EXPLORING EXOTIC NUCLEI IN THE MEDIUM MASS REGION AND IN NUCLEAR ASTROPHYSICS

Abstract

Studies of exotic nuclei are essential for expanding our understanding of atomic nuclei. The density profile of such exotic nuclei has been a comprehensive source of nuclear structure information. This thesis studies nuclear surface information of exotic structures like “bubble nuclei” using the high-energy scattering theory under the aegis of the Glauber model. Recently, it has been proposed that exotic neutron-rich nuclei play a vital part in synthesizing heavy elements via the r-process. The effect of bubble structure on the radiative capture reaction rate also discussed in this thesis. The Coulomb dissociation method has been proposed as a distinct method to be utilized in the process of calculating the radiative cross sections associated with low-energy nuclear breakup reactions. Six chapters and an appendix make up the current efforts. Chapter 1, contains an introduction followed by a description of exotic nuclei and their behavior. Subsequently, we briefly review the global experimental facilities around the world. In chapter 2, we will discuss a high-energy scattering theory based on the eikonal approximation, and also present the mathematical formulation of the finite-range distorted-wave Born approximation (FRDWBA) theory, which is subsequently used to calculate radiative capture reactions.

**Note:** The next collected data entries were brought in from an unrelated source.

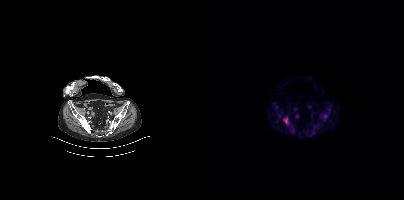
Coordinates are on the 200×200 PET (right) panel. PSMA-avid tumor lesion bounding boxes (x0, y0)-(x1, y1): (79, 117)-(83, 123) / (88, 126)-(89, 130). Small PSMA-avid focus (2 to 4 px across) near (center x, center y): (121, 116).
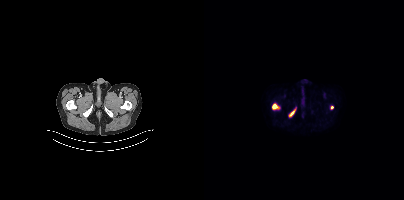
{"modality":"PSMA PET/CT","view":"axial","tracer":"18F","pet_grid":[200,200],"coord_frame":"pet_panel","coord_format":"x0,y0,x1,y1","lesion_bboxes":[[68,104,75,109],[85,109,91,116]],"small_foci_centers":[[127,107]]}
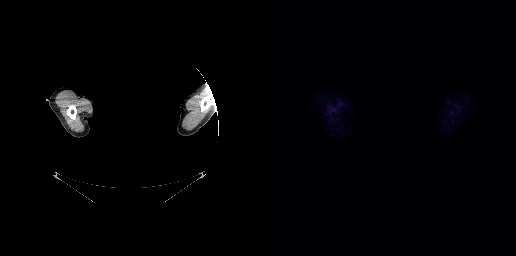
Facial anatomy redacted by setting a rectangular region of the head to black. Paired axial CT (left) and PSMA PET (right), [18F]PSMA-1007 tracer. PET panel 256×256 px (2.7 mm/px). No PSMA-avid tumor lesions on this slice.

In chapter 3, we will investigate the nuclear bubble structure, with nucleon-nucleus scattering, and quantify its effect on the nuclear surface profile. In chapter 4, we aim to investigate the relationship between the nuclear surface diffuseness and spectroscopic information of neutron-rich Ne and Mg isotopes at the cusp and inside the island of inversion. In chapter 5, we will explore the bubble nature of the exotic nucleus 20N and estimate the 19N(n, )20N radiative capture reaction from the Coulomb breakup of 20N on 208Pb. Chapter 6, concludes the thesis, and looks to the future. In the appendix, we will calculate the proton and the neutron intrinsic density distributions within the harmonic oscillator model. We will also show the scattering amplitude in the Glauber model with the elastic Coulomb phase shift function.